Hypophosphatasia (HPP) is a rare metabolic disease characterized by low alkaline phosphatase activity and defective bone mineralization that can lead to bone deformity and other skeletal abnormalities, as well as muscle weakness, seizures, pain and respiratory failure.

In presenting findings from an ongoing, open-label, phase 2 trial of Strensiq (asfotase alfa, Alexion Pharmaceuticals), researchers said children aged 11 to 17 years with HPP treated with asfotase alfa therapy for up to 5 years (n = 12) experienced improvements in both bone healing (assessed radiographically) and physical function. In addition, new interim results indicated a reduction in two key tissue nonspecific alkaline phosphatase (TNSALP) substrates that accumulate in HPP, as well as improvements in physical function in both adolescent and adult patients with HPP (ages 13 to 66 years at baseline).

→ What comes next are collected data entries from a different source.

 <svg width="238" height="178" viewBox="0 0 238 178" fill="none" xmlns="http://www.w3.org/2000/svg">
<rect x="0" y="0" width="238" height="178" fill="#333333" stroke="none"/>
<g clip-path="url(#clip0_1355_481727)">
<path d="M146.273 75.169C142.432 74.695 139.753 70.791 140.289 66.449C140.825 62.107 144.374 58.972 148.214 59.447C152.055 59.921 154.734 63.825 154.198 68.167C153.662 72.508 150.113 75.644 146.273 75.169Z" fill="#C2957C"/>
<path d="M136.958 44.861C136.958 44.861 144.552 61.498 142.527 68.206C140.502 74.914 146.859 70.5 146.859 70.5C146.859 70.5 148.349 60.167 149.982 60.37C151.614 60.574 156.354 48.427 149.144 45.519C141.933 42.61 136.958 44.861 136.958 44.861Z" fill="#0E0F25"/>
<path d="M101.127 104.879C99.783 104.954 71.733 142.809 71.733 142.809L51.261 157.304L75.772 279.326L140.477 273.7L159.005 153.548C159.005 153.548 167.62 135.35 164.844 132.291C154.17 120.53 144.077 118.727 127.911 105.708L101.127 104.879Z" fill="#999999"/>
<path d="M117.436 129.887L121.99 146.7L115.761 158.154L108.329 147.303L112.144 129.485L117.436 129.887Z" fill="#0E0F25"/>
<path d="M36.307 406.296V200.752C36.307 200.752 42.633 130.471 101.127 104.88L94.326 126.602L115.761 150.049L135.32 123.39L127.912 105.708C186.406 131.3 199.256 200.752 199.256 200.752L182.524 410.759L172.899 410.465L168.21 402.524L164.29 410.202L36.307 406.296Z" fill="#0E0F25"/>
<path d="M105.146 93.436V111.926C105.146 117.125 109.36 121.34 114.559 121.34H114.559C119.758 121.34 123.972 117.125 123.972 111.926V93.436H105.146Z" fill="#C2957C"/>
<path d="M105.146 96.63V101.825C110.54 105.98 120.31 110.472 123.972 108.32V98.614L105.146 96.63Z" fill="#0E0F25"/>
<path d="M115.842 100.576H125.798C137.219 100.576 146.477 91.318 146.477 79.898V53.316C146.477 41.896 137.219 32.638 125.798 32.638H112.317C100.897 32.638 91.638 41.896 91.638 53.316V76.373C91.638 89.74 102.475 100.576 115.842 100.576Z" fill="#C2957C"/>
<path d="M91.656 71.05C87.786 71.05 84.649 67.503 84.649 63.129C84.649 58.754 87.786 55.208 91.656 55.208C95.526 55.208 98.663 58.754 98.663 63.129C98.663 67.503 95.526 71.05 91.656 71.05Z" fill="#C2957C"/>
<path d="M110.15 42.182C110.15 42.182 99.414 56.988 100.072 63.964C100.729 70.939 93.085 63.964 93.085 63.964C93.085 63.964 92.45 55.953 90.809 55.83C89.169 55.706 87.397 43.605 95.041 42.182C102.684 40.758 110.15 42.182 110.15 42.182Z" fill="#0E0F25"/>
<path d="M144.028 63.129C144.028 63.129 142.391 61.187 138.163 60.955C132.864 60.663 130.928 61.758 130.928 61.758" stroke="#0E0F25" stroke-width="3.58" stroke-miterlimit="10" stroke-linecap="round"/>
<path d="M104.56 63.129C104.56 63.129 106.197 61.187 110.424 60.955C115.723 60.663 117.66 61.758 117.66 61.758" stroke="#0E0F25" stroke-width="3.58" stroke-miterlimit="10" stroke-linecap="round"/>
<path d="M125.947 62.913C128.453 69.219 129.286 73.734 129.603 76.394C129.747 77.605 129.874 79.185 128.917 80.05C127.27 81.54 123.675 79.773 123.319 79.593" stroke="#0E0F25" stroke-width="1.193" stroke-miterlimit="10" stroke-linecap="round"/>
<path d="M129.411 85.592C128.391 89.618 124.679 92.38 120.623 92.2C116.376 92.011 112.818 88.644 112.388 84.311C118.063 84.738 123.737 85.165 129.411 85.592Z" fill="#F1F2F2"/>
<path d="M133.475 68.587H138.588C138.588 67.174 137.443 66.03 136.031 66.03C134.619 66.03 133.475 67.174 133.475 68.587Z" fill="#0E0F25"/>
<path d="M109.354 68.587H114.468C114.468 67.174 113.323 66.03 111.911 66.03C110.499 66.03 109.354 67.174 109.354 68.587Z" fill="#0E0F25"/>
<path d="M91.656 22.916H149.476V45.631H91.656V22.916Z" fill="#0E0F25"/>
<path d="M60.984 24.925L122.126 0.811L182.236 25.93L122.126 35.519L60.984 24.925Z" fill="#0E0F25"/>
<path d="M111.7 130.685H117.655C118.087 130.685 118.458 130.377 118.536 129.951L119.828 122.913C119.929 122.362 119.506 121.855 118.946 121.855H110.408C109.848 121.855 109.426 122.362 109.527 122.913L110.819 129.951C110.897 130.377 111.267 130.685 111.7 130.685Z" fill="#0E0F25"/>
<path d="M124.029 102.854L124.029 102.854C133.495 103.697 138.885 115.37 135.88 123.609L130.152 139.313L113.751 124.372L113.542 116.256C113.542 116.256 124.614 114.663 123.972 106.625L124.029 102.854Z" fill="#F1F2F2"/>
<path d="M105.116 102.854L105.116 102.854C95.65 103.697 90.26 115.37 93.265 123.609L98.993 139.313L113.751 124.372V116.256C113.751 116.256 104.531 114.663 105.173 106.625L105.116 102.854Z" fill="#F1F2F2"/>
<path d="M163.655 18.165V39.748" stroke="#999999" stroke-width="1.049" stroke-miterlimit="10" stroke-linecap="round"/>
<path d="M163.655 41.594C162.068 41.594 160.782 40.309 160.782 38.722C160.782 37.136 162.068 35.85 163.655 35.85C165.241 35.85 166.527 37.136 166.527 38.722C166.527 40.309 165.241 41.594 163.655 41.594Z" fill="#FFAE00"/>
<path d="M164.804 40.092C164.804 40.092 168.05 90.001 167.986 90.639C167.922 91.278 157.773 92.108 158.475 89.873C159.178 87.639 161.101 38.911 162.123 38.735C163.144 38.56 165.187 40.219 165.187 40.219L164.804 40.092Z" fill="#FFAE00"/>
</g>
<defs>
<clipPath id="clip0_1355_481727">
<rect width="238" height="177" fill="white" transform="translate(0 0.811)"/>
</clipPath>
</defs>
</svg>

“The study results presented at ENDO show clinically significant and sustained improvements across all key measures of pediatric-onset HPP, including bone healing, physical function and pain in patients who were treated with Strensiq,” Martin Mackay, PhD, executive vice president and global head of research and development at Alexion, said in a press release. “The data provide additional information on the long-term efficacy and safety of Strensiq, a highly innovative enzyme replacement therapy that treats the underlying cause of HPP by replacing the missing TNSALP enzyme.”

Strensiq is approved in the United States as a treatment for patients with perinatal-, infantile- or juvenile-onset HPP.

Reference :

Liese J, et al. PP26-3. Presented at: The Endocrine Society Annual Meeting; April 1-4, 2016; Boston.

Disclosure: The authors are all employees, clinical researchers or speakers for Alexion Pharmaceuticals.